Genetic distance of deletion bins and ordering gene-based markers within deletion bins
Deletion bins along the chromosome arms have been defined as chromosome segments lying between the breakpoints of two deletion lines. However, the genetic distance of the deletion bins have not been well determined. The recent Ae. tauschii genetic map contained 7,185 SNP markers, representing a great resource for the D genome. By comparing genetic and deletion bin maps, we can infer the genetic distance of specific deletion bins on the genetic map (Fig. 4). Clearly, genetic length of each deletion bin is quite different. Generally, deletion bins in the distal regions are better defined due to greater recombination (i.e. have large genetic length) while bins towards the centromeric regions tend to be clustered (i.e. have small genetic length). Therefore, there is no correlation of genetic length with the deletion bin size (p-value < 0.05). The uneven distribution of recombination rate along wheat chromosomes have been widely investigated with recombination increasing gradually from the centromeres to the telomeres . Because of this recombination gradient, it has been estimated that 95 % of the recombination occurs in 48 gene-rich regions encompassing 29 % of the physical size of the wheat genome . Therefore, the large genetic distance of distal bins is largely due to the fact that gene-rich regions are often localized in the distal bins with high recombination. One disadvantage of the wheat deletion bin mapping is that loci within chromosome bins cannot ordered . Since the gene based markers were designed from the sequences in the Ae. tauschii genetic map, marker order within the bin can be inferred based on their position in the genetic map (Fig. 4).

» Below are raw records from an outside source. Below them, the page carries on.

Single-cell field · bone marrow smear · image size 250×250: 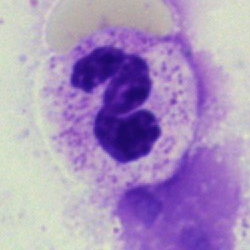Q: Identify the cell.
A: Segmented neutrophil.
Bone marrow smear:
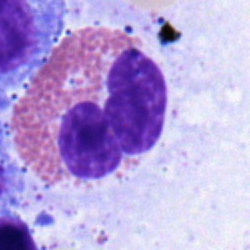 The cell shown is an eosinophilic granulocyte.
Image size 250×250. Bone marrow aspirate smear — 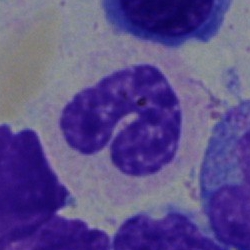 Q: What is shown here?
A: This is a band-form neutrophil.
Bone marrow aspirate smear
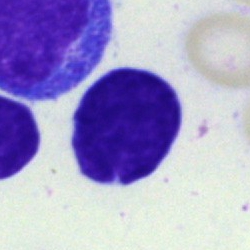
Specimen: bone marrow smear.
Classification: lymphocyte.
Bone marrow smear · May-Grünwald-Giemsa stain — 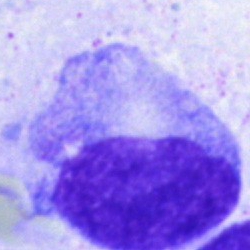
Q: Which cell type is shown here?
A: It is a promyelocyte.

The use of genomic sequence from related and/or progenitor species, such as Ae. tauschii, can facilitate marker development in hexaploid wheat . Comparative genomics studies using sequenced genomes to infer marker and trait location in an un-sequenced genome have been successful to a limited degree. The use of rice, sorghum, maize, and Brachypodium genome sequences have been extremely useful for synteny based applications and identification of shared genes and traits . However, non-coding regions are not well conserved even between closely related species. Conservation is so limited that a closely related species such as Ae. speltoides does not conserve the majority of repetitive elements as found in Ae. tauschii . Evolution of the individual genomes of hexaploid wheat has resulted in similarity in gene content and order, but unique in transposable element content and arrangement. This distinct arrangement of the repetitive elements in the individual genomes can be leveraged to develop genome specific repeat junction markers. These markers are numerous and could potentially be used in platforms designed for high-density marker evaluation [10–12].

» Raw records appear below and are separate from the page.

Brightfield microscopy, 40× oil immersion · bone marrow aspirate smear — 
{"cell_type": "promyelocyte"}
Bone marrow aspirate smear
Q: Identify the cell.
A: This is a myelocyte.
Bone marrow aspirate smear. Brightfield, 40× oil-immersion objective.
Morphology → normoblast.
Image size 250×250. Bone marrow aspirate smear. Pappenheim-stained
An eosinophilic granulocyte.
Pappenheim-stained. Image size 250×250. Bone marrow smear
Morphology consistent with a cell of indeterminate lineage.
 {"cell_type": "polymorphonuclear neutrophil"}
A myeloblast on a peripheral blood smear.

Array based markers provide a number of benefits over single marker systems . In this study, we developed the NimbleGen array containing both gene-based and repeat junction-based probes for mapping of the hexaploid wheat genome. Results indicated that 82 % of the NimbleGen mapping data agrees with the sequencing results with respect to chromosome assignment. When mapping probes to specific deletion bins, 60 % of NimbleGen data agreed with the previous wheat EST deletion bin map. Although the discrepancy was not investigated in this study, recently, Belova et al.  identified twelve markers showing different bin locations with the two bin mapping methods, and using this data, re-analyzed the bin locations with specific PCR primers. Their result indicated that the PCR method supported the NimbleGen data in eleven markers, suggesting its high level of accuracy for bin assignment .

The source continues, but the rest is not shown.